- Exercise requirements -
Below are the records; print exactly the lines from the one with "At 4.1 seconds past image 1." through the last, both included, and leave the pictures out.

○ ○ ○ ○ ○

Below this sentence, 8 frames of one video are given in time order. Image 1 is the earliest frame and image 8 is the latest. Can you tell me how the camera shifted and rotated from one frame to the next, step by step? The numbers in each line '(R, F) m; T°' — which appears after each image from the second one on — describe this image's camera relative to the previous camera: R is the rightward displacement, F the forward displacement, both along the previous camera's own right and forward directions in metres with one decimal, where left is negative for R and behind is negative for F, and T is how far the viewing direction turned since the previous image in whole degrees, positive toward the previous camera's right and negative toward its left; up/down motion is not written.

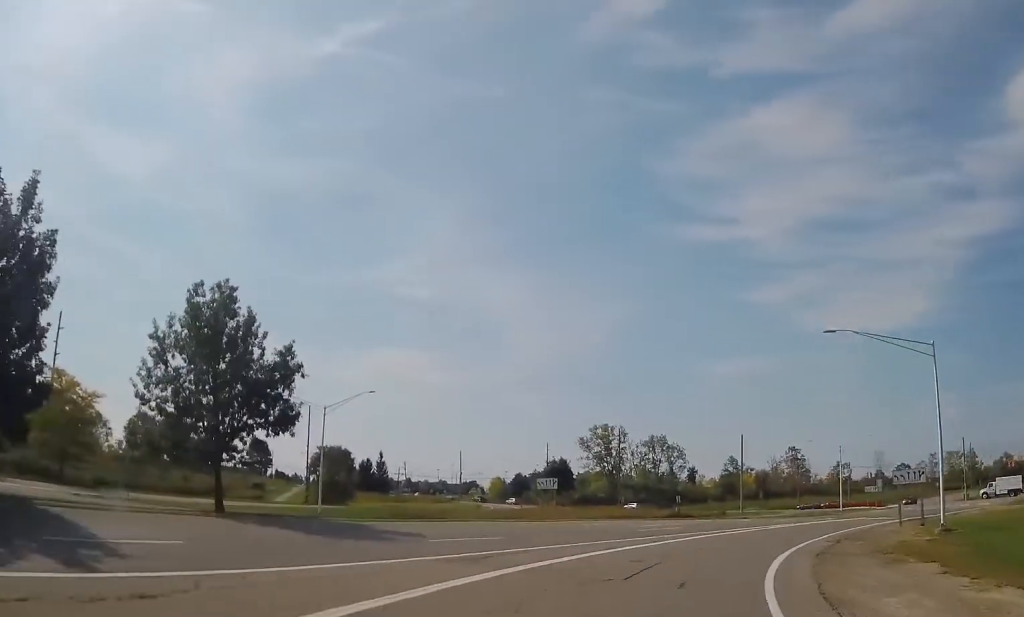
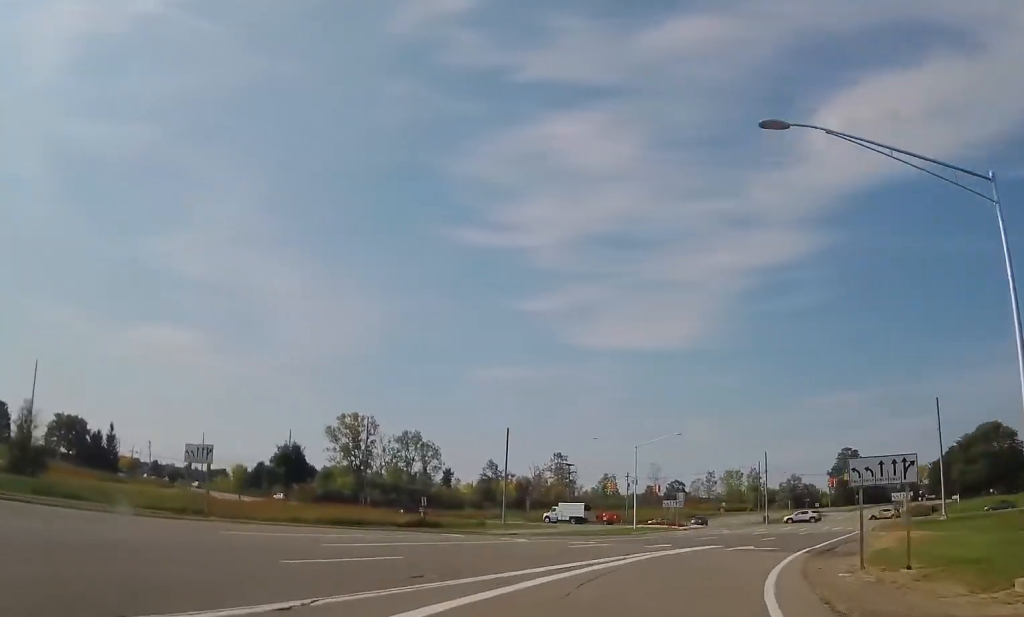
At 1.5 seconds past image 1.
(+5.7, +21.4) m; +23°
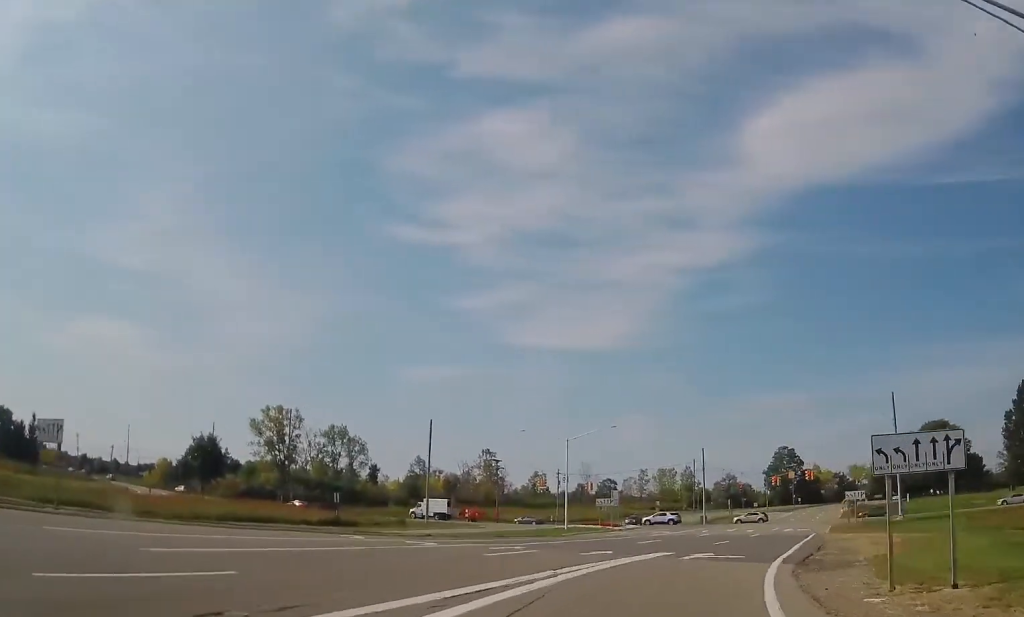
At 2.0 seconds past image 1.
(-0.2, +6.4) m; +5°
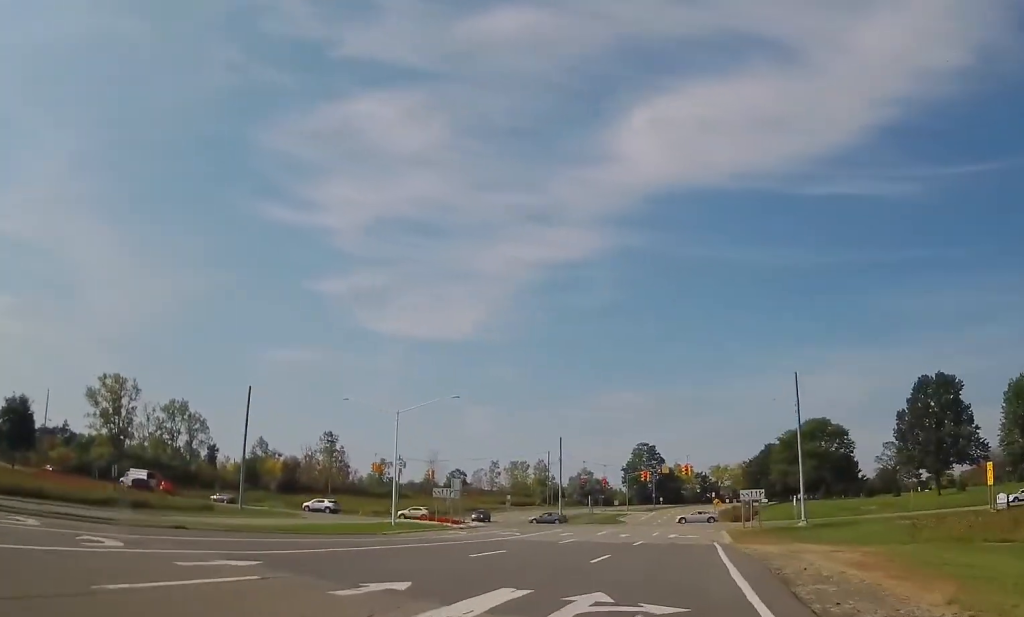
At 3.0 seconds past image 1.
(+2.0, +14.7) m; +13°
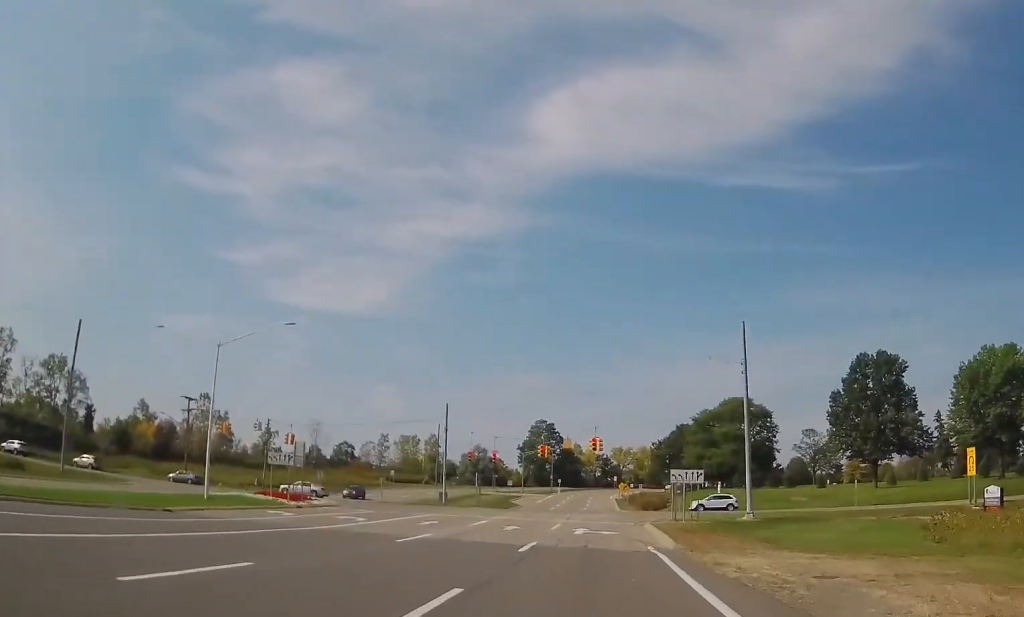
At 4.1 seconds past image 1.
(+1.6, +16.8) m; +10°
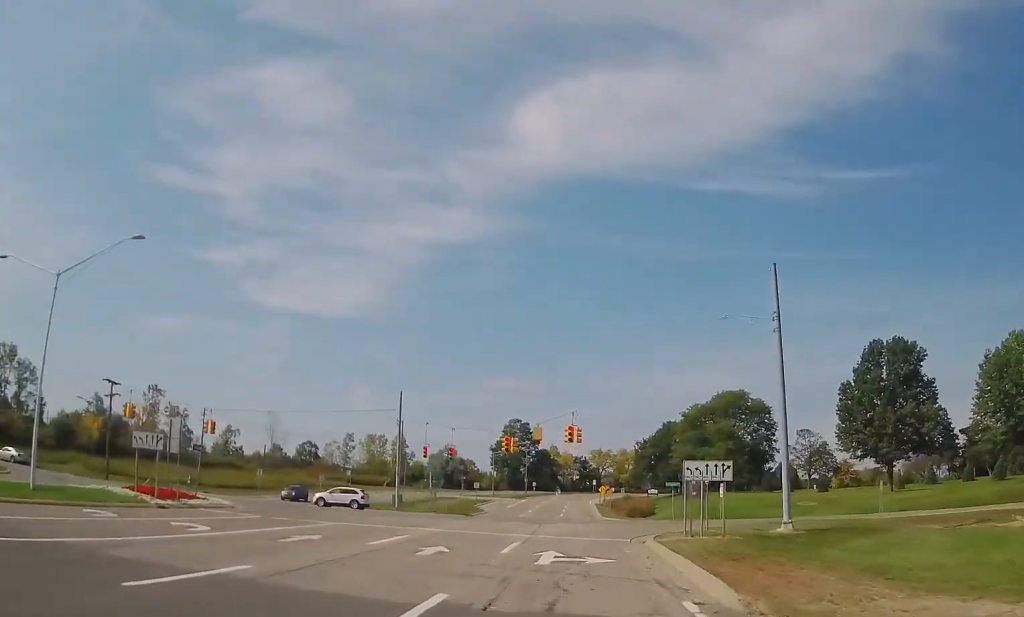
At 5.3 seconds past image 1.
(+1.3, +15.2) m; +6°
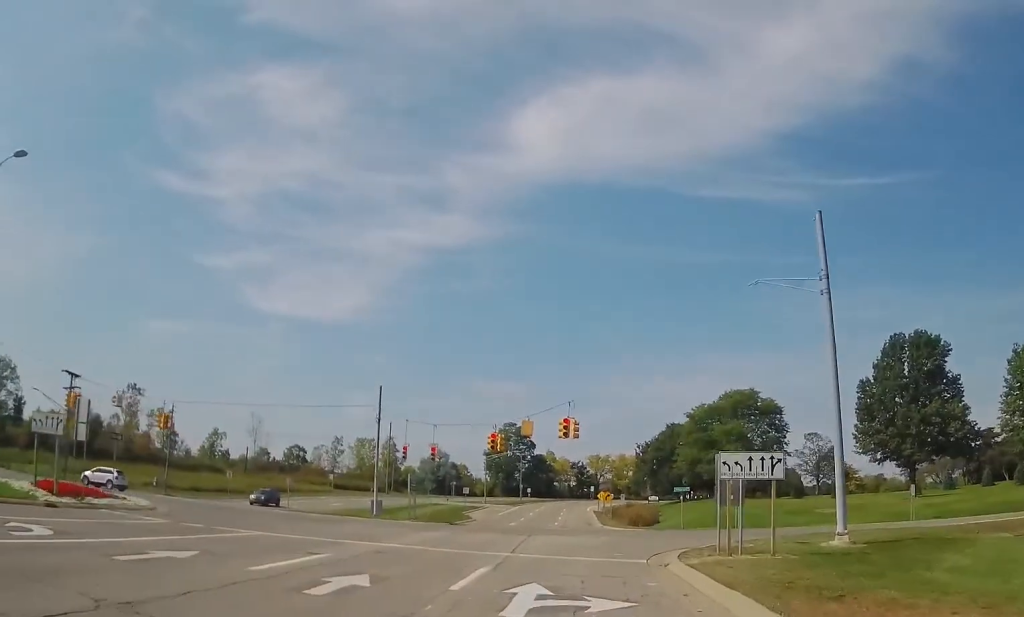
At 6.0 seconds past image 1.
(+0.3, +8.7) m; -1°
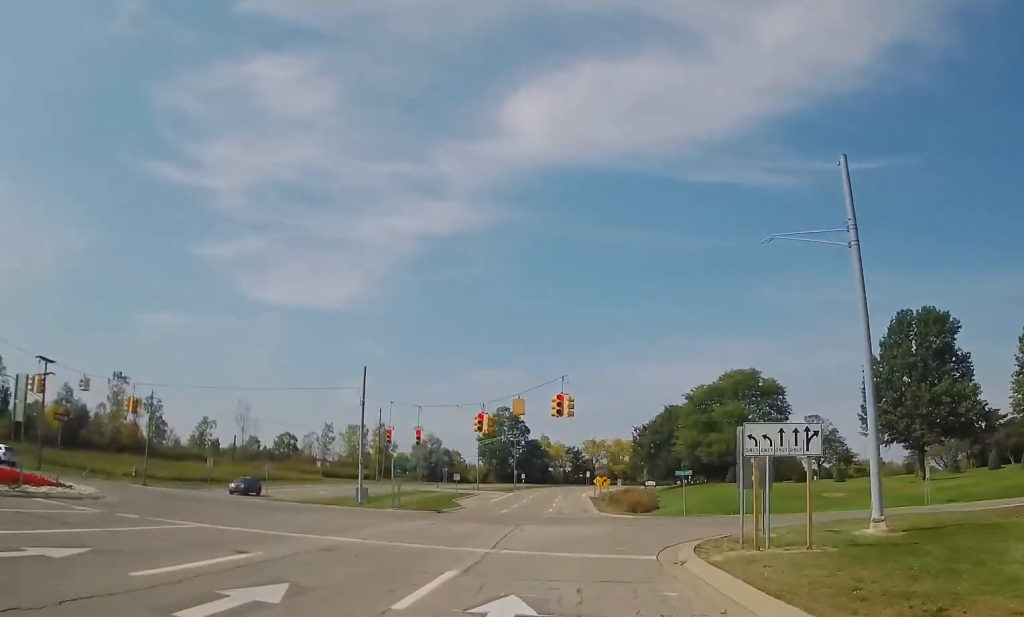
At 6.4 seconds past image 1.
(-0.2, +3.9) m; -2°

○ ○ ○ ○ ○

- Completed task -
At 4.1 seconds past image 1.
(+1.6, +16.8) m; +10°
At 5.3 seconds past image 1.
(+1.3, +15.2) m; +6°
At 6.0 seconds past image 1.
(+0.3, +8.7) m; -1°
At 6.4 seconds past image 1.
(-0.2, +3.9) m; -2°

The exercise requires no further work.